Light touch forestry is also time-intensive, and thus doesn’t produce the immediate profits that many landowners and logging companies desire. But Kelly said the Conservation Fund would be able to make the harvesting process economically feasible because the organization doesn’t have to make a profit and pay shareholder dividends.
However, it’s unclear whether The Conservation Fund will be able to recoup the cost of its purchase. The $24.5 million price tag was based on an appraisal that evaluated the property on its potential uses, including vineyard and condominium development. Before The Conservation Fund gained control of Preservation Ranch, the forest was destined for vineyards, the product of a partnership involving CalPERS and Premier Pacific Vineyards. But CalPERS ultimately abandoned the project and The Conservation Fund swooped in to buy the property and established easements that prevent future development or unsustainable management of Preservation Ranch. With development no longer an option, Kelly estimates that the property is likely valued somewhere between $12 million and $16 million.
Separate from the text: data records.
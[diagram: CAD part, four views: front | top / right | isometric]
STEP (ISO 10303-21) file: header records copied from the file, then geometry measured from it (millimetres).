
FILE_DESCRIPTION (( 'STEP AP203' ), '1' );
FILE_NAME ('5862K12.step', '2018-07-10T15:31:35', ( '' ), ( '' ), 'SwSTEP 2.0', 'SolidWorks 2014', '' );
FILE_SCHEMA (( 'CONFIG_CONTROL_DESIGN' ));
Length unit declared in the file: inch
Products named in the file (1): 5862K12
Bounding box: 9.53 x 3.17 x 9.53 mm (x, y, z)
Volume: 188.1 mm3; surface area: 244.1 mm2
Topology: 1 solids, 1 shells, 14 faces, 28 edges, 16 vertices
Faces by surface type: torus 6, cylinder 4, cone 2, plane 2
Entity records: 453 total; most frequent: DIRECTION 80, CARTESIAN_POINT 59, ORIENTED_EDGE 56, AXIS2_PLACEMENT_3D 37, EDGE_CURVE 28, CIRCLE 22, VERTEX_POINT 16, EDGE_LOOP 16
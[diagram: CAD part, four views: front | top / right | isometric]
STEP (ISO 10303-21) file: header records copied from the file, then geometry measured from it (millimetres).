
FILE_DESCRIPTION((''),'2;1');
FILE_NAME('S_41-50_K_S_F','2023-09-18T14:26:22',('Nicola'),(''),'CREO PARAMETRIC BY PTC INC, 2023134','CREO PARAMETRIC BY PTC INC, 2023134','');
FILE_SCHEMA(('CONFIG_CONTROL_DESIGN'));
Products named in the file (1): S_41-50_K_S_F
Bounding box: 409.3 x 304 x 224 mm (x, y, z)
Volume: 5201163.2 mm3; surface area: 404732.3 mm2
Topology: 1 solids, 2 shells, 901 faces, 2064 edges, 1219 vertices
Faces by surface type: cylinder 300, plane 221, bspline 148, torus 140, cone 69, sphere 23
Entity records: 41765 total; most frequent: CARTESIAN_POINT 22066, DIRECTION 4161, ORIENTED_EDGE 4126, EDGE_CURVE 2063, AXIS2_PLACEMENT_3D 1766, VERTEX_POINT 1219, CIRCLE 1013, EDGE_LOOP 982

And what if carbon credits and light touch forestry don’t generate enough money for The Conservation Fund to break even? “That’s the risk we take; that’s why we’re a nonprofit,” Kelly said. “If there’s a way to get some of the purchase back, that’s great, but it’s not a worry because it’s not why we bought the property in the first place.”
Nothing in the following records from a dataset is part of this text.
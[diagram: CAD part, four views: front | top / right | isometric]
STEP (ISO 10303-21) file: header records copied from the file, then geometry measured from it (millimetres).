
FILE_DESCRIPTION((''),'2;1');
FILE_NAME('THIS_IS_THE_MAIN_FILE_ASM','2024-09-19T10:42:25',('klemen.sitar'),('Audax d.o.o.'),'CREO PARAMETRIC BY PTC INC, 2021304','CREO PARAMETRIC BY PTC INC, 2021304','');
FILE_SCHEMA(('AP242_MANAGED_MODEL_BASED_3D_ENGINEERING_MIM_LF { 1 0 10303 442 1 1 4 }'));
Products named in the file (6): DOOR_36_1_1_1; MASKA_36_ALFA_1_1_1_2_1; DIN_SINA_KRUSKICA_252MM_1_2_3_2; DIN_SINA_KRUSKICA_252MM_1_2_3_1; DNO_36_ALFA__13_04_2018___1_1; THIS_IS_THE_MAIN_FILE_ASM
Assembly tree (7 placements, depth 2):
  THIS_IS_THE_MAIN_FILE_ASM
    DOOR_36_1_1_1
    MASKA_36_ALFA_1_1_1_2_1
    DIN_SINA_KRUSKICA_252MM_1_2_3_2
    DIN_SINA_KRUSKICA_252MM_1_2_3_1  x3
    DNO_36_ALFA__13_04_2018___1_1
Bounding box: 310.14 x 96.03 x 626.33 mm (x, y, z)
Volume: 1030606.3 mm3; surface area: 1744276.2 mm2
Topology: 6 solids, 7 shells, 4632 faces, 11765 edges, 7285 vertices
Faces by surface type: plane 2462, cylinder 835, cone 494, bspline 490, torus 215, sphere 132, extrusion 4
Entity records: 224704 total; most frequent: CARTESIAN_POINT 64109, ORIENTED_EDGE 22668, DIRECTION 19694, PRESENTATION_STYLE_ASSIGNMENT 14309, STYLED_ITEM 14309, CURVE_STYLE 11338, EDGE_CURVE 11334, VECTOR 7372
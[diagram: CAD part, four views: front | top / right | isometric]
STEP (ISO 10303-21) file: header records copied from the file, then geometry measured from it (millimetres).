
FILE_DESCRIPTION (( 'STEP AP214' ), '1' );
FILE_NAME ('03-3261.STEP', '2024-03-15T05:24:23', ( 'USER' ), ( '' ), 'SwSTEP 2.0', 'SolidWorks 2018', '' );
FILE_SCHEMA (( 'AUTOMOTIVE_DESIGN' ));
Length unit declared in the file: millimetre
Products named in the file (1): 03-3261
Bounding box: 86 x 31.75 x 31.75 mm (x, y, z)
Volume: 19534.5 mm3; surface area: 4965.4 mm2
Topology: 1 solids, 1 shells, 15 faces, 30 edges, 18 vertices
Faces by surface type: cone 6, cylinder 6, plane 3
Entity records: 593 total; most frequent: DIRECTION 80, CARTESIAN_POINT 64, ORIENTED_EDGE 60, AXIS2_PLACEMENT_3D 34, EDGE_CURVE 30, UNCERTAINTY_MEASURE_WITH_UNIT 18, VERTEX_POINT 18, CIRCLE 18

The property is paid for in full, but The Conservation Fund will apply for outside grants through organizations like the California Fish and Wildlife Department to cover additional costs of maintaining the property. It also hopes to sell a pre-existing seventeen-acre vineyard that came with the land. The vineyard isn’t protected under the same easement that protects the rest of the forest, but Kelly said The Conservation Fund is considering adding development restrictions to the deed if and when it sells. The nonprofit could also dip into its own funds; according to the organization’s tax returns, it brought in more than $242 million in gross receipts in 2011.
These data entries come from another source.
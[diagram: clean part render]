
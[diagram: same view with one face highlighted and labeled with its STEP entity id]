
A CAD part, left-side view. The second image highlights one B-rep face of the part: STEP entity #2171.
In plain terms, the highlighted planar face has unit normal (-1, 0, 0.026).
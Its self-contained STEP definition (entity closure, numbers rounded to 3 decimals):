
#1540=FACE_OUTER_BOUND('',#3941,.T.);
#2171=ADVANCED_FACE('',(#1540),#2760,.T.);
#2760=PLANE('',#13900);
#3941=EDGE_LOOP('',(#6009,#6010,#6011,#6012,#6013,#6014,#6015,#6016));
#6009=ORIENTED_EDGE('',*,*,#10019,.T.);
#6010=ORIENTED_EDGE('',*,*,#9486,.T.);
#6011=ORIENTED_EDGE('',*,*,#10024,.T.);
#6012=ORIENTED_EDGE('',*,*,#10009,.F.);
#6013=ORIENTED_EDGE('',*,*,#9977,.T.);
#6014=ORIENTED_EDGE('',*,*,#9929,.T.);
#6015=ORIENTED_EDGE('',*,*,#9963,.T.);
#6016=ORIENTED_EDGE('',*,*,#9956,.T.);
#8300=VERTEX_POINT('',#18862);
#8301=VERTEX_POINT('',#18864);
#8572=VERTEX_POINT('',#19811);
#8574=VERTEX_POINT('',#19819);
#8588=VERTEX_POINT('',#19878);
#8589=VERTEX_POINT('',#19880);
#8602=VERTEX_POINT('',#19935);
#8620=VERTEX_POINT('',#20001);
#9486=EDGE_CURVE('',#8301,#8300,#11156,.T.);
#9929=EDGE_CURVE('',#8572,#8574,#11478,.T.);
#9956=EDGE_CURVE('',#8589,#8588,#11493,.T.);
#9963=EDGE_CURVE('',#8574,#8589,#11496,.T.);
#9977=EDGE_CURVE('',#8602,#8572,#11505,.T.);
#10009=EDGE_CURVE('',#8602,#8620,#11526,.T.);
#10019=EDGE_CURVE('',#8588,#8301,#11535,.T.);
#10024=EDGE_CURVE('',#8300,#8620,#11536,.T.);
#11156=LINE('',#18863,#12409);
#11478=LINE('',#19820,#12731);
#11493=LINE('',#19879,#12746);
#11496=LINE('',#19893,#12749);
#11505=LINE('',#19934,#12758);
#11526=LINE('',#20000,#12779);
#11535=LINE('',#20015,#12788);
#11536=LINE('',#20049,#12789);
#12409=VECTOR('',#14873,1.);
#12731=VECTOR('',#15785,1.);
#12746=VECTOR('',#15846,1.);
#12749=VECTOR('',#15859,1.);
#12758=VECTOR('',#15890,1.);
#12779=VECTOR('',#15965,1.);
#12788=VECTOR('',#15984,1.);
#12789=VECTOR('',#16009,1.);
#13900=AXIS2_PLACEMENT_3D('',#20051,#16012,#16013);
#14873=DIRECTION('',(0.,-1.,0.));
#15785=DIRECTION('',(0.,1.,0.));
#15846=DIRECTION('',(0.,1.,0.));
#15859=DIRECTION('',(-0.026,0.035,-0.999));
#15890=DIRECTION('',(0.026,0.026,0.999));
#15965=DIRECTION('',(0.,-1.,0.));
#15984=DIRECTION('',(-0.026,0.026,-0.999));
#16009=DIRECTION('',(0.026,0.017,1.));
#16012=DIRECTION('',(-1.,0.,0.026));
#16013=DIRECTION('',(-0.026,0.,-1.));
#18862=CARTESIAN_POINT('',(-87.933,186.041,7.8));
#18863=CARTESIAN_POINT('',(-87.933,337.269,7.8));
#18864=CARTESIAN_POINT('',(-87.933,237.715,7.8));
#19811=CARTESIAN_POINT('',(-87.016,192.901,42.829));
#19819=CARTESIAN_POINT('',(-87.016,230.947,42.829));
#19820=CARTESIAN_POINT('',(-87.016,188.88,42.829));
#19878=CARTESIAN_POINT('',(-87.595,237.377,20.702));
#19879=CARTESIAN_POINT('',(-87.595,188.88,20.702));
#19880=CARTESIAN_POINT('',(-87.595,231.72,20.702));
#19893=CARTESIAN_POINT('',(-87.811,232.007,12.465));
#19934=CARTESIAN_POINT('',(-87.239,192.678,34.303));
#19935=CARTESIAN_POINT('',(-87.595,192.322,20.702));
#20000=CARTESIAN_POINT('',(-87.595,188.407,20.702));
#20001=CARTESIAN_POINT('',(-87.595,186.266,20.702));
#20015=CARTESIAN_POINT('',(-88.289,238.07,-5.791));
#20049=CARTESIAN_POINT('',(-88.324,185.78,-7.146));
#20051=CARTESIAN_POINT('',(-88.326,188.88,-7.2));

Regardless, The Conservation Fund’s purchase of Preservation Ranch signals the larger role that nonprofits could play in forestry management in years to come. “Ten years from now, state agencies might be more amenable to having this among their conservation tools,” Kelly said. “We’re achieving a conservation scale beyond the reach of the state, given the narrow mandate that they have and the lack of money that they have.”